## TASK GOAL:
Return every line of the data below that includes the string "Oval".
Segment Start: DATA SHOWN
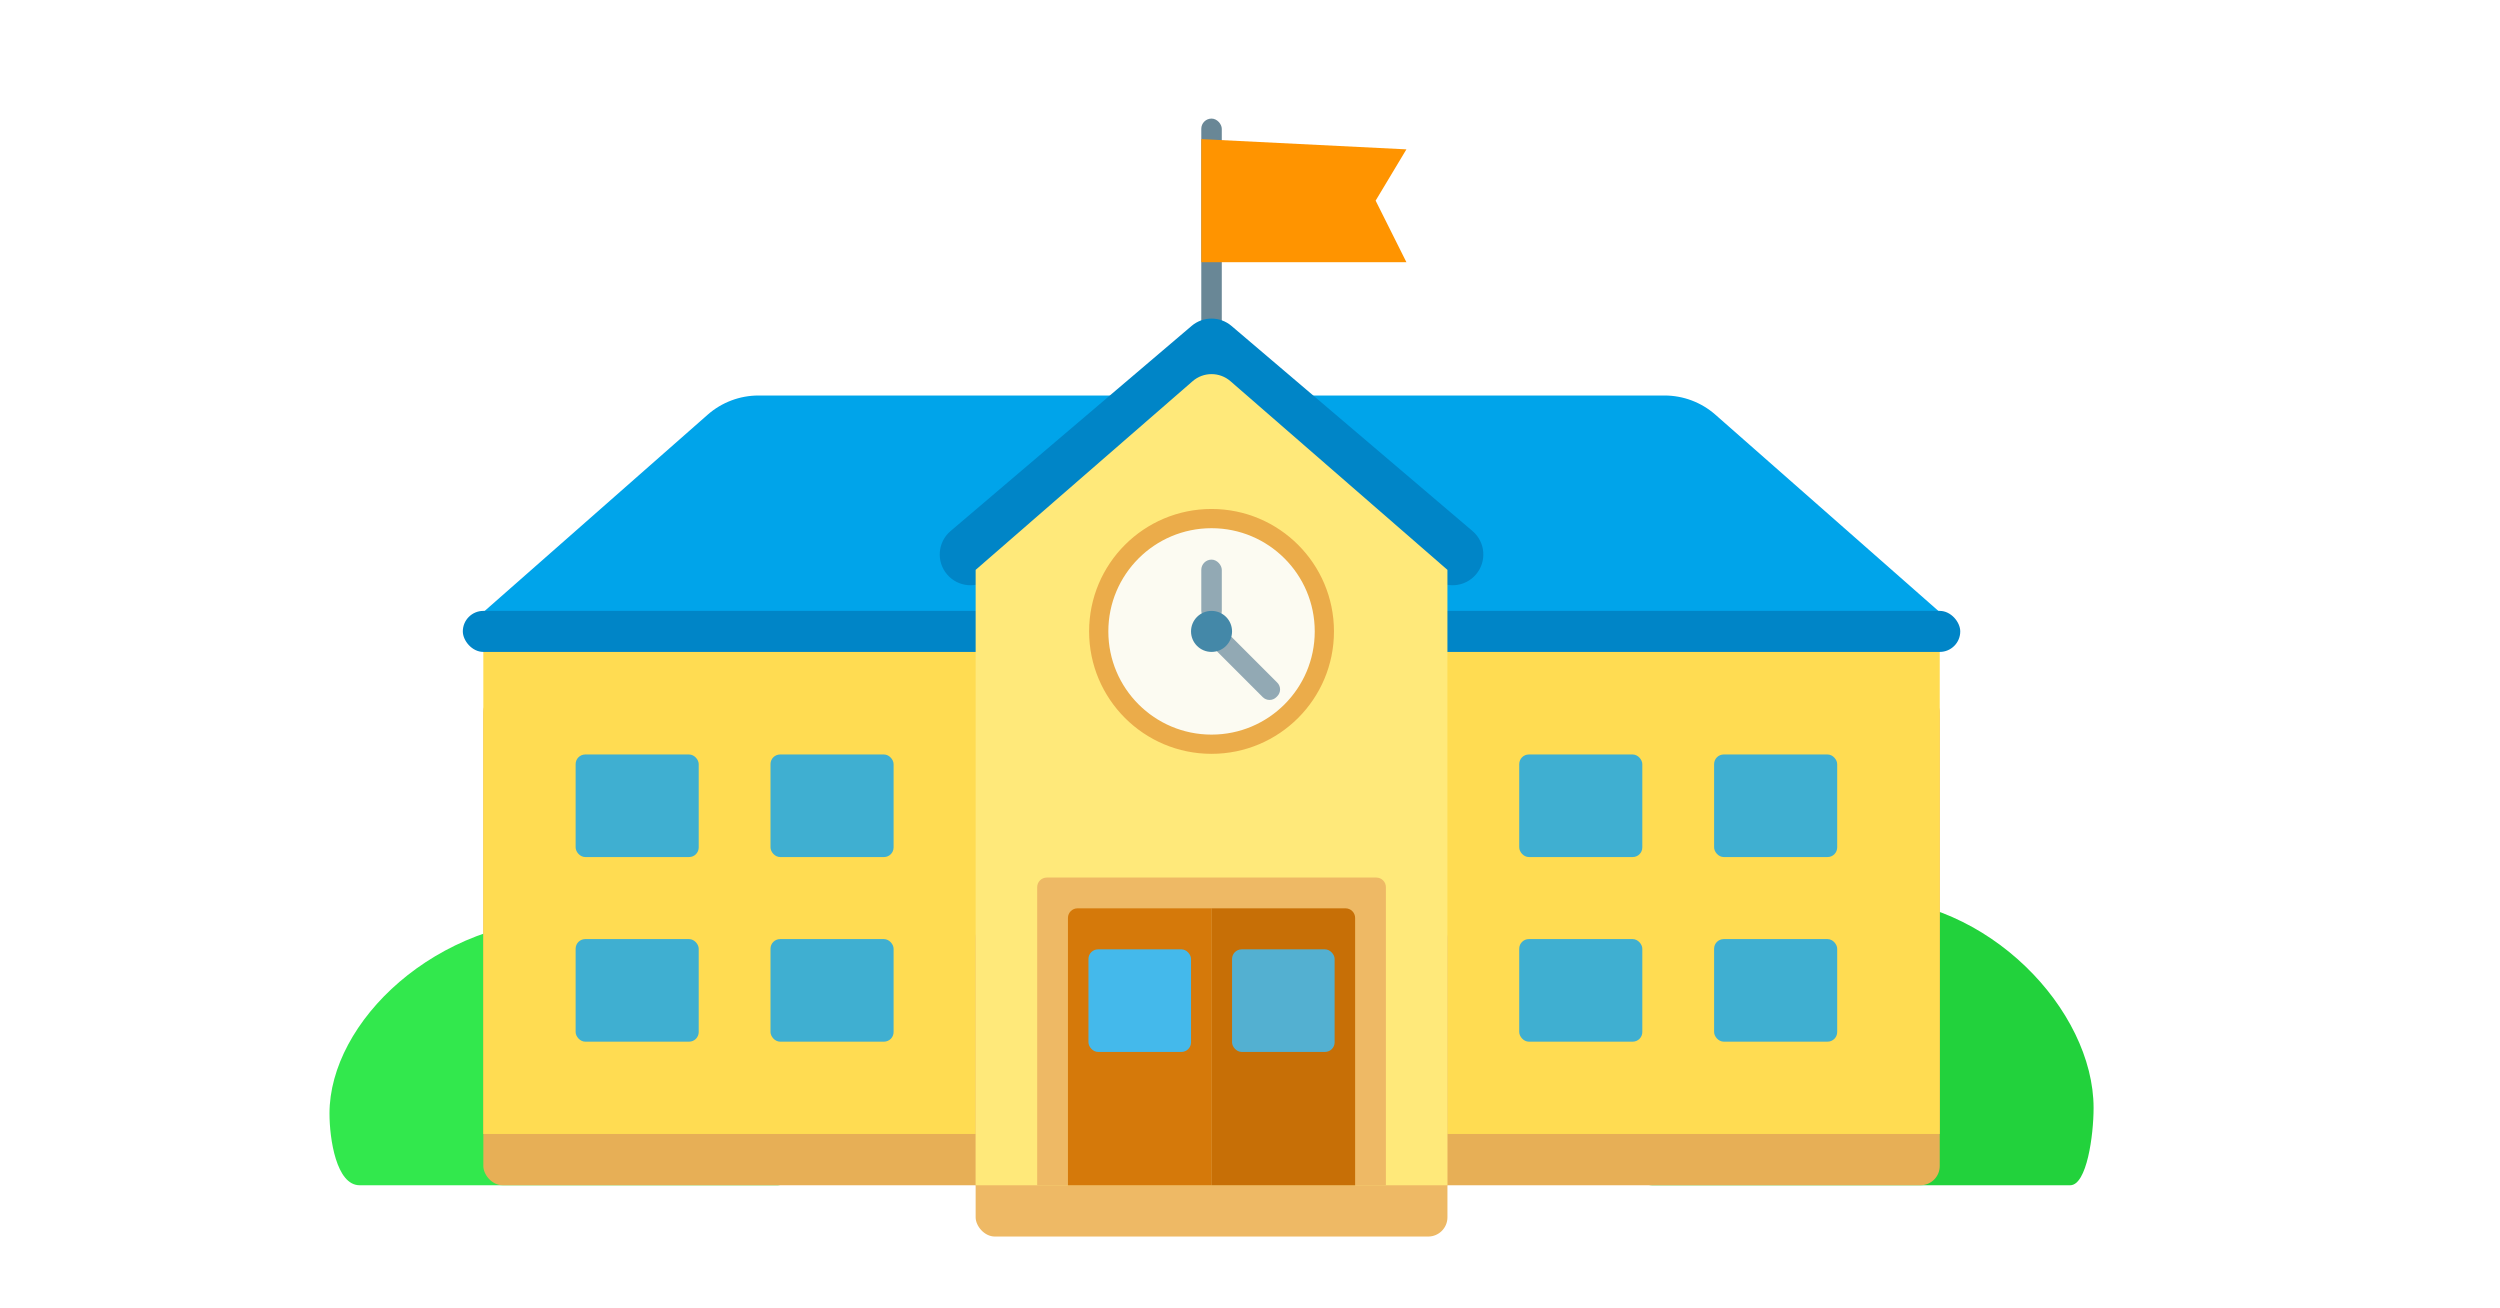 <?xml version="1.0" encoding="UTF-8"?>
<svg width="260px" height="136px" viewBox="0 0 260 136" version="1.1" xmlns="http://www.w3.org/2000/svg" xmlns:xlink="http://www.w3.org/1999/xlink">
    <title>schools-sm</title>
    <defs>
        <filter x="-20.3%" y="-2.4%" width="140.5%" height="104.9%" filterUnits="objectBoundingBox" id="filter-1">
            <feOffset dx="0" dy="4" in="SourceAlpha" result="shadowOffsetOuter1"></feOffset>
            <feGaussianBlur stdDeviation="17" in="shadowOffsetOuter1" result="shadowBlurOuter1"></feGaussianBlur>
            <feColorMatrix values="0 0 0 0 0   0 0 0 0 0   0 0 0 0 0  0 0 0 0.08 0" type="matrix" in="shadowBlurOuter1" result="shadowMatrixOuter1"></feColorMatrix>
            <feMerge>
                <feMergeNode in="shadowMatrixOuter1"></feMergeNode>
                <feMergeNode in="SourceGraphic"></feMergeNode>
            </feMerge>
        </filter>
    </defs>
    <g id="YouTube-for-Kids" stroke="none" stroke-width="1" fill="none" fill-rule="evenodd">
        <g transform="translate(-204, -863)" id="Mobile">
            <g filter="url(#filter-1)" transform="translate(144, 166)">
                <g id="Group-2" transform="translate(0, 663)">
                    <g id="schools-sm" transform="translate(60, 34)">
                        <rect id="Bounds" fill-opacity="0" fill="#FFFFFF" x="0" y="0" width="260" height="136"></rect>
                        <g id="g" transform="translate(30, 3)">
                            <rect id="bounds" x="0" y="0" width="192" height="128"></rect>
                            <path d="M50.895,116.267 C52.632,116.267 53.333,111.437 53.333,108.8 C53.333,99.338 42.349,88.533 29.501,88.533 C15.251,88.533 4.267,99.338 4.267,108.8 C4.267,111.42 4.968,116.267 7.406,116.267 C9.844,116.267 45.989,116.267 50.895,116.267 Z" id="bush-left" fill="#32E84D"></path>
                            <path d="M185.295,116.267 C187.032,116.267 187.733,111.065 187.733,108.226 C187.733,98.035 176.749,86.4 163.901,86.4 C149.651,86.4 138.667,98.035 138.667,108.226 C138.667,111.047 139.368,116.267 141.806,116.267 C144.244,116.267 180.389,116.267 185.295,116.267 Z" id="bush-left" fill="#22D23C"></path>
                            <g id="rear" transform="translate(18.133, 34.133)">
                                <g id="building" transform="translate(2.133, 25.6)">
                                    <rect id="Rectangle" fill="#E7AF56" x="0" y="5.333" width="151.467" height="51.2" rx="2"></rect>
                                    <rect id="Rectangle" fill="#FFDC52" x="0" y="0" width="151.467" height="51.2"></rect>
                                </g>
                                <g id="ceiling">
                                    <path d="M30.752,0 L124.981,0 C126.927,3.19531869e-15 128.806,0.709 130.266,1.994 L154.667,23.467 L154.667,23.467 L1.067,23.467 L25.467,1.994 C26.928,0.709 28.807,-2.30714027e-15 30.752,0 Z" id="Rectangle-6" fill="#00A4EA"></path>
                                    <rect id="Rectangle" fill="#0085C7" x="0" y="22.4" width="155.733" height="4.267" rx="2.133"></rect>
                                </g>
                                <g id="windows-right" transform="translate(109.867, 37.333)" fill="#22A9E3" opacity="0.87">
                                    <rect id="window" x="0" y="19.2" width="12.8" height="10.667" rx="1"></rect>
                                    <rect id="window" x="20.267" y="19.2" width="12.8" height="10.667" rx="1"></rect>
                                    <rect id="window" x="0" y="0" width="12.8" height="10.667" rx="1"></rect>
                                    <rect id="window" x="20.267" y="0" width="12.8" height="10.667" rx="1"></rect>
                                </g>
                                <g id="windows-left" transform="translate(11.733, 37.333)" fill="#22A9E3" opacity="0.87">
                                    <rect id="window" x="0" y="19.2" width="12.8" height="10.667" rx="1"></rect>
                                    <rect id="window" x="20.267" y="19.2" width="12.8" height="10.667" rx="1"></rect>
                                    <rect id="window" x="0" y="0" width="12.8" height="10.667" rx="1"></rect>
                                    <rect id="window" x="20.267" y="0" width="12.8" height="10.667" rx="1"></rect>
                                </g>
                            </g>
                            <g id="front" transform="translate(67.2, 5.333)">
                                <g id="flag" transform="translate(27.733, 0)">
                                    <rect id="Rectangle-3" fill="#698796" x="0" y="0" width="2.133" height="23.467" rx="1.067"></rect>
                                    <polygon id="Rectangle-24" fill="#FF9400" points="0 2.133 21.333 3.2 18.133 8.533 21.333 14.933 0 14.933"></polygon>
                                </g>
                                <path d="M5.807,47.77 C4.461,48.916 2.442,48.753 1.296,47.407 C0.151,46.061 0.313,44.042 1.659,42.896 L26.726,21.563 C27.922,20.546 29.678,20.546 30.874,21.563 L55.941,42.896 C57.287,44.042 57.449,46.061 56.304,47.407 C55.158,48.753 53.139,48.916 51.793,47.77 L28.8,28.202 L5.807,47.77 Z" id="Line-2" fill="#0085C7" fill-rule="nonzero"></path>
                                <rect id="Rectangle-4" fill="#EEB965" x="4.267" y="83.2" width="49.067" height="33.067" rx="2"></rect>
                                <path d="M4.267,46.933 L26.831,27.312 C27.96,26.33 29.64,26.33 30.769,27.312 L53.333,46.933 L53.333,46.933 L53.333,110.933 L4.267,110.933 L4.267,46.933 Z" id="Rectangle" fill="#FFE97A"></path>
                                <g id="entrance" transform="translate(10.667, 78.933)">
                                    <path d="M1,0 L35.267,0 C35.819,-1.01453063e-16 36.267,0.448 36.267,1 L36.267,32 L36.267,32 L0,32 L0,1 C-6.76353751e-17,0.448 0.448,1.01453063e-16 1,0 Z" id="Rectangle-23" fill="#EEB965"></path>
                                    <g id="dor-left" transform="translate(3.2, 3.2)">
                                        <path d="M1,0 L14.933,0 L14.933,0 L14.933,28.8 L0,28.8 L0,1 C-1.78657678e-16,0.448 0.448,1.01453063e-16 1,0 Z" id="Rectangle-23" fill="#D5790A"></path>
                                        <rect id="Rectangle-23" fill="#44B9EB" x="2.133" y="4.267" width="10.667" height="10.667" rx="1"></rect>
                                    </g>
                                    <g id="dor-right" transform="translate(18.133, 3.2)">
                                        <path d="M0,0 L13.933,0 C14.486,-1.01453063e-16 14.933,0.448 14.933,1 L14.933,28.8 L14.933,28.8 L0,28.8 L0,0 Z" id="Rectangle-23" fill="#C76F06"></path>
                                        <rect id="Rectangle-23" fill="#44B9EB" opacity="0.882" x="2.133" y="4.267" width="10.667" height="10.667" rx="1"></rect>
                                    </g>
                                </g>
                                <g id="clock" transform="translate(17.067, 41.6)">
                                    <circle id="Oval-2" stroke="#EBAC4A" stroke-width="2" fill="#FCFBF2" cx="11.733" cy="11.733" r="11.733"></circle>
                                    <rect id="Rectangle-3" fill="#92A9B4" x="10.667" y="4.267" width="2.133" height="6.4" rx="1.067"></rect>
                                    <path d="M10.417,13.684 L19.084,13.684 C19.636,13.684 20.084,14.131 20.084,14.684 L20.084,14.817 C20.084,15.369 19.636,15.817 19.084,15.817 L10.417,15.817 C9.865,15.817 9.417,15.369 9.417,14.817 L9.417,14.684 C9.417,14.131 9.865,13.684 10.417,13.684 Z" id="Rectangle-3" fill="#92A9B4" transform="translate(14.75, 14.75) rotate(-315) translate(-14.75, -14.75) "></path>
                                    <circle id="Oval-3" fill="#4488A8" cx="11.733" cy="11.733" r="2.133"></circle>
                                </g>
                            </g>
                        </g>
                    </g>
                </g>
            </g>
        </g>
    </g>
</svg>
Segment End: DATA SHOWN
## YOUR SOLUTION:
                                    <circle id="Oval-2" stroke="#EBAC4A" stroke-width="2" fill="#FCFBF2" cx="11.733" cy="11.733" r="11.733"></circle>
                                    <circle id="Oval-3" fill="#4488A8" cx="11.733" cy="11.733" r="2.133"></circle>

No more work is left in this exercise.